Given information:
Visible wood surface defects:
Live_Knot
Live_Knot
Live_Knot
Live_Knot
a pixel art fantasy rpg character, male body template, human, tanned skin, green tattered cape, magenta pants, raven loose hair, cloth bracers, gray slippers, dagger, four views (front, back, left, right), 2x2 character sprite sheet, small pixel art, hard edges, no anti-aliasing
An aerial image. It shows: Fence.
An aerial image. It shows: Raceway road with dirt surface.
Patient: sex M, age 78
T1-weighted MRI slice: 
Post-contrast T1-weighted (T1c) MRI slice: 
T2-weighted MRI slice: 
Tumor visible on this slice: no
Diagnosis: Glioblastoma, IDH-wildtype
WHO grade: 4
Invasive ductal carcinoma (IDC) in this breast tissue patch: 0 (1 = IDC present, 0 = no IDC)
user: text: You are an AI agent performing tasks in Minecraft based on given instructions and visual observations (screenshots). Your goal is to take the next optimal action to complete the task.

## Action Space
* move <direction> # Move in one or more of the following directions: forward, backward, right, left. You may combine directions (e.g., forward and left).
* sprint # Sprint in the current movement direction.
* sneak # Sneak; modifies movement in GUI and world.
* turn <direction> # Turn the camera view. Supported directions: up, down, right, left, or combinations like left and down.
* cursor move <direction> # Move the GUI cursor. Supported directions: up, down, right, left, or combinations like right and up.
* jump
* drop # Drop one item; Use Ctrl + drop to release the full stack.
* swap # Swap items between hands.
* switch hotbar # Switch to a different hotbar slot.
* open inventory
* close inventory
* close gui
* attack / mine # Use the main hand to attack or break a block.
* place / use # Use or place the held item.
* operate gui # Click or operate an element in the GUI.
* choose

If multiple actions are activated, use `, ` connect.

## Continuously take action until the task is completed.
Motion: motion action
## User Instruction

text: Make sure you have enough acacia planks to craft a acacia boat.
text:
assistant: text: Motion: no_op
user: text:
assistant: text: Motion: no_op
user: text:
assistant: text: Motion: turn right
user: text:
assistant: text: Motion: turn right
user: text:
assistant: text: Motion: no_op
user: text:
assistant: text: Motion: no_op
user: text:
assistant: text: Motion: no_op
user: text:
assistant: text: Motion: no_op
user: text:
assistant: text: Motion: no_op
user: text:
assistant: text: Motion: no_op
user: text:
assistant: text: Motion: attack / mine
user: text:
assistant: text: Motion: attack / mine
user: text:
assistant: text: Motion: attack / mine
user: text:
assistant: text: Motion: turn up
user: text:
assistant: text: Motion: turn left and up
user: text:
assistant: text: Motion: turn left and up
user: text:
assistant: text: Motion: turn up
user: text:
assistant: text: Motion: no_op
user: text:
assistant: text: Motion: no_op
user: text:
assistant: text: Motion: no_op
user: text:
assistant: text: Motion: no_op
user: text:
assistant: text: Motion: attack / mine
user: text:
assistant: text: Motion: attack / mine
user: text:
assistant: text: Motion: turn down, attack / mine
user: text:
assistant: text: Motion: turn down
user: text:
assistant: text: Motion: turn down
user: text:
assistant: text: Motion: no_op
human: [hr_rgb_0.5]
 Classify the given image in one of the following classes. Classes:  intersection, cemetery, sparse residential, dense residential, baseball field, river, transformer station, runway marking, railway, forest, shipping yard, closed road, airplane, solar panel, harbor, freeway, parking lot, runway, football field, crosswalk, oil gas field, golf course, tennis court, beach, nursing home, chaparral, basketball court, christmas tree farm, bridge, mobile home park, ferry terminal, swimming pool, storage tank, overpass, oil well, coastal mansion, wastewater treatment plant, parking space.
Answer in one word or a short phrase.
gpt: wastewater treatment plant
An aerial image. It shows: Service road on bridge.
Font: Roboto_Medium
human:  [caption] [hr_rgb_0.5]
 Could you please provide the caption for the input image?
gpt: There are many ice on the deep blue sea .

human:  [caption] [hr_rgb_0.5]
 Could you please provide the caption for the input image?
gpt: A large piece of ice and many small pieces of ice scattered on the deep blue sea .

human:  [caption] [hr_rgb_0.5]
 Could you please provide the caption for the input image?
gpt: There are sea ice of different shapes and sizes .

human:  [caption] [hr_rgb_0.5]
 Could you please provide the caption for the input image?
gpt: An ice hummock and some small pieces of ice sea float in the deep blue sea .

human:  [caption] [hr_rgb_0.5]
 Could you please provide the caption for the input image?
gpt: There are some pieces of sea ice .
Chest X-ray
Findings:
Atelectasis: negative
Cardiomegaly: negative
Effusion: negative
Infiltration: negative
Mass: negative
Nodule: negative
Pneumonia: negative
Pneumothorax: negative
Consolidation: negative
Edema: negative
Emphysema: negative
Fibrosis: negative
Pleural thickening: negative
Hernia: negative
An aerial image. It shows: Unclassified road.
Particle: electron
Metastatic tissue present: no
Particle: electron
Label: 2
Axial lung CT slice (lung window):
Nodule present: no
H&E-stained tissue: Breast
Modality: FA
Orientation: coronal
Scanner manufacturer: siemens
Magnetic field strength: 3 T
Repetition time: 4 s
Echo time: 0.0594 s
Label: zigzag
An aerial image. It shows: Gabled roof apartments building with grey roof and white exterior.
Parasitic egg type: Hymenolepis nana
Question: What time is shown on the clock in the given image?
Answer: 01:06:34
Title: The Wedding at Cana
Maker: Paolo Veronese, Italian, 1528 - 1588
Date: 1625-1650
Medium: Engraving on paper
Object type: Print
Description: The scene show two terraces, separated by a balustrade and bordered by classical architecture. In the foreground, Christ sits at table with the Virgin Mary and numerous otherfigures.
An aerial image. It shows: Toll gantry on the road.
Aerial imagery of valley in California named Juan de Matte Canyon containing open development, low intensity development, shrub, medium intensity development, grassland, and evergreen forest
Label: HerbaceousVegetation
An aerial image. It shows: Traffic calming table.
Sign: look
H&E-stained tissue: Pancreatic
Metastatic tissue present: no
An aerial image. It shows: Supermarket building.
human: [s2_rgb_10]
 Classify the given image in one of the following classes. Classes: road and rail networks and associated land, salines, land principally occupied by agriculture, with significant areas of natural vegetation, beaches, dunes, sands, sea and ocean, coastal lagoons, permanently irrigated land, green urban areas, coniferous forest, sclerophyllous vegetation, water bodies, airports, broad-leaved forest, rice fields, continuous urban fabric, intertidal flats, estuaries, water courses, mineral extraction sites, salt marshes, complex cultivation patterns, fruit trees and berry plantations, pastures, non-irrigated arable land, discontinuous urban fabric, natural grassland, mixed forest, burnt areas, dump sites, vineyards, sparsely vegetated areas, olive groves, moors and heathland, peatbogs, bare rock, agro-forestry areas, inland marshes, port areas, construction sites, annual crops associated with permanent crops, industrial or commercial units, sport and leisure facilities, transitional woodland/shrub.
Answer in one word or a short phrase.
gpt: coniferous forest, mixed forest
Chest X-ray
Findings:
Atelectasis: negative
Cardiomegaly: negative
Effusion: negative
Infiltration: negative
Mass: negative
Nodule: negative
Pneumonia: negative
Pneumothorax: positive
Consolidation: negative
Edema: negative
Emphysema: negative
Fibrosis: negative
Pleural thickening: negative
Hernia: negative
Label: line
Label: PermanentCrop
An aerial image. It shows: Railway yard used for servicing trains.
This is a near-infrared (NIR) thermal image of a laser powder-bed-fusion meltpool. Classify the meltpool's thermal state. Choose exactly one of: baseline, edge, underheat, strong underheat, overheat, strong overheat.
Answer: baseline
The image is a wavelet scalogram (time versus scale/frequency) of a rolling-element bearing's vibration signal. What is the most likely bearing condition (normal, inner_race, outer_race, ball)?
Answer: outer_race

Aim of the exercise: Reproduce every entry above without a single alteration.

Solution:
Visible wood surface defects:
Live_Knot
Live_Knot
Live_Knot
Live_Knot
a pixel art fantasy rpg character, male body template, human, tanned skin, green tattered cape, magenta pants, raven loose hair, cloth bracers, gray slippers, dagger, four views (front, back, left, right), 2x2 character sprite sheet, small pixel art, hard edges, no anti-aliasing
An aerial image. It shows: Fence.
An aerial image. It shows: Raceway road with dirt surface.
Patient: sex M, age 78
T1-weighted MRI slice: 
Post-contrast T1-weighted (T1c) MRI slice: 
T2-weighted MRI slice: 
Tumor visible on this slice: no
Diagnosis: Glioblastoma, IDH-wildtype
WHO grade: 4
Invasive ductal carcinoma (IDC) in this breast tissue patch: 0 (1 = IDC present, 0 = no IDC)
user: text: You are an AI agent performing tasks in Minecraft based on given instructions and visual observations (screenshots). Your goal is to take the next optimal action to complete the task.

## Action Space
* move <direction> # Move in one or more of the following directions: forward, backward, right, left. You may combine directions (e.g., forward and left).
* sprint # Sprint in the current movement direction.
* sneak # Sneak; modifies movement in GUI and world.
* turn <direction> # Turn the camera view. Supported directions: up, down, right, left, or combinations like left and down.
* cursor move <direction> # Move the GUI cursor. Supported directions: up, down, right, left, or combinations like right and up.
* jump
* drop # Drop one item; Use Ctrl + drop to release the full stack.
* swap # Swap items between hands.
* switch hotbar # Switch to a different hotbar slot.
* open inventory
* close inventory
* close gui
* attack / mine # Use the main hand to attack or break a block.
* place / use # Use or place the held item.
* operate gui # Click or operate an element in the GUI.
* choose

If multiple actions are activated, use `, ` connect.

## Continuously take action until the task is completed.
Motion: motion action
## User Instruction

text: Make sure you have enough acacia planks to craft a acacia boat.
text:
assistant: text: Motion: no_op
user: text:
assistant: text: Motion: no_op
user: text:
assistant: text: Motion: turn right
user: text:
assistant: text: Motion: turn right
user: text:
assistant: text: Motion: no_op
user: text:
assistant: text: Motion: no_op
user: text:
assistant: text: Motion: no_op
user: text:
assistant: text: Motion: no_op
user: text:
assistant: text: Motion: no_op
user: text:
assistant: text: Motion: no_op
user: text:
assistant: text: Motion: attack / mine
user: text:
assistant: text: Motion: attack / mine
user: text:
assistant: text: Motion: attack / mine
user: text:
assistant: text: Motion: turn up
user: text:
assistant: text: Motion: turn left and up
user: text:
assistant: text: Motion: turn left and up
user: text:
assistant: text: Motion: turn up
user: text:
assistant: text: Motion: no_op
user: text:
assistant: text: Motion: no_op
user: text:
assistant: text: Motion: no_op
user: text:
assistant: text: Motion: no_op
user: text:
assistant: text: Motion: attack / mine
user: text:
assistant: text: Motion: attack / mine
user: text:
assistant: text: Motion: turn down, attack / mine
user: text:
assistant: text: Motion: turn down
user: text:
assistant: text: Motion: turn down
user: text:
assistant: text: Motion: no_op
human: [hr_rgb_0.5]
 Classify the given image in one of the following classes. Classes:  intersection, cemetery, sparse residential, dense residential, baseball field, river, transformer station, runway marking, railway, forest, shipping yard, closed road, airplane, solar panel, harbor, freeway, parking lot, runway, football field, crosswalk, oil gas field, golf course, tennis court, beach, nursing home, chaparral, basketball court, christmas tree farm, bridge, mobile home park, ferry terminal, swimming pool, storage tank, overpass, oil well, coastal mansion, wastewater treatment plant, parking space.
Answer in one word or a short phrase.
gpt: wastewater treatment plant
An aerial image. It shows: Service road on bridge.
Font: Roboto_Medium
human:  [caption] [hr_rgb_0.5]
 Could you please provide the caption for the input image?
gpt: There are many ice on the deep blue sea .

human:  [caption] [hr_rgb_0.5]
 Could you please provide the caption for the input image?
gpt: A large piece of ice and many small pieces of ice scattered on the deep blue sea .

human:  [caption] [hr_rgb_0.5]
 Could you please provide the caption for the input image?
gpt: There are sea ice of different shapes and sizes .

human:  [caption] [hr_rgb_0.5]
 Could you please provide the caption for the input image?
gpt: An ice hummock and some small pieces of ice sea float in the deep blue sea .

human:  [caption] [hr_rgb_0.5]
 Could you please provide the caption for the input image?
gpt: There are some pieces of sea ice .
Chest X-ray
Findings:
Atelectasis: negative
Cardiomegaly: negative
Effusion: negative
Infiltration: negative
Mass: negative
Nodule: negative
Pneumonia: negative
Pneumothorax: negative
Consolidation: negative
Edema: negative
Emphysema: negative
Fibrosis: negative
Pleural thickening: negative
Hernia: negative
An aerial image. It shows: Unclassified road.
Particle: electron
Metastatic tissue present: no
Particle: electron
Label: 2
Axial lung CT slice (lung window):
Nodule present: no
H&E-stained tissue: Breast
Modality: FA
Orientation: coronal
Scanner manufacturer: siemens
Magnetic field strength: 3 T
Repetition time: 4 s
Echo time: 0.0594 s
Label: zigzag
An aerial image. It shows: Gabled roof apartments building with grey roof and white exterior.
Parasitic egg type: Hymenolepis nana
Question: What time is shown on the clock in the given image?
Answer: 01:06:34
Title: The Wedding at Cana
Maker: Paolo Veronese, Italian, 1528 - 1588
Date: 1625-1650
Medium: Engraving on paper
Object type: Print
Description: The scene show two terraces, separated by a balustrade and bordered by classical architecture. In the foreground, Christ sits at table with the Virgin Mary and numerous otherfigures.
An aerial image. It shows: Toll gantry on the road.
Aerial imagery of valley in California named Juan de Matte Canyon containing open development, low intensity development, shrub, medium intensity development, grassland, and evergreen forest
Label: HerbaceousVegetation
An aerial image. It shows: Traffic calming table.
Sign: look
H&E-stained tissue: Pancreatic
Metastatic tissue present: no
An aerial image. It shows: Supermarket building.
human: [s2_rgb_10]
 Classify the given image in one of the following classes. Classes: road and rail networks and associated land, salines, land principally occupied by agriculture, with significant areas of natural vegetation, beaches, dunes, sands, sea and ocean, coastal lagoons, permanently irrigated land, green urban areas, coniferous forest, sclerophyllous vegetation, water bodies, airports, broad-leaved forest, rice fields, continuous urban fabric, intertidal flats, estuaries, water courses, mineral extraction sites, salt marshes, complex cultivation patterns, fruit trees and berry plantations, pastures, non-irrigated arable land, discontinuous urban fabric, natural grassland, mixed forest, burnt areas, dump sites, vineyards, sparsely vegetated areas, olive groves, moors and heathland, peatbogs, bare rock, agro-forestry areas, inland marshes, port areas, construction sites, annual crops associated with permanent crops, industrial or commercial units, sport and leisure facilities, transitional woodland/shrub.
Answer in one word or a short phrase.
gpt: coniferous forest, mixed forest
Chest X-ray
Findings:
Atelectasis: negative
Cardiomegaly: negative
Effusion: negative
Infiltration: negative
Mass: negative
Nodule: negative
Pneumonia: negative
Pneumothorax: positive
Consolidation: negative
Edema: negative
Emphysema: negative
Fibrosis: negative
Pleural thickening: negative
Hernia: negative
Label: line
Label: PermanentCrop
An aerial image. It shows: Railway yard used for servicing trains.
This is a near-infrared (NIR) thermal image of a laser powder-bed-fusion meltpool. Classify the meltpool's thermal state. Choose exactly one of: baseline, edge, underheat, strong underheat, overheat, strong overheat.
Answer: baseline
The image is a wavelet scalogram (time versus scale/frequency) of a rolling-element bearing's vibration signal. What is the most likely bearing condition (normal, inner_race, outer_race, ball)?
Answer: outer_race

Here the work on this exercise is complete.